**WHAT TO DO**
Count the lines in the records beneath this task that contain the string "wide", then give the count by itself.

[[ INPUT RECORDS open ]]

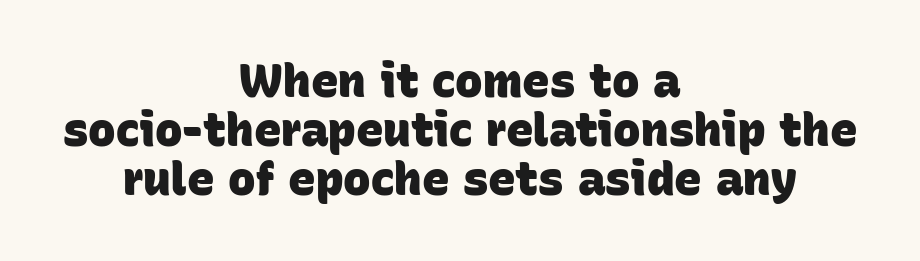
Q: Is the text bold? A: Yes.
Q: Is the typeface a serif or a sans-serif typeface? A: Sans-serif.
Q: Is the text underlined? A: No.
Q: How is the paragraph aligned? A: Centered.
Q: Is the spacing between letters normal or unusually wide? A: Normal.
Q: Is the spacing between lines tight, normal or loose? A: Tight.
Q: Width (condensed, normal, or wide)? A: Normal.
Q: Stroke contrast? A: Low.
Q: x-height? A: Large.
Q: Monospaced? A: No.

[[ INPUT RECORDS closed ]]

**FINISHED TASK**
2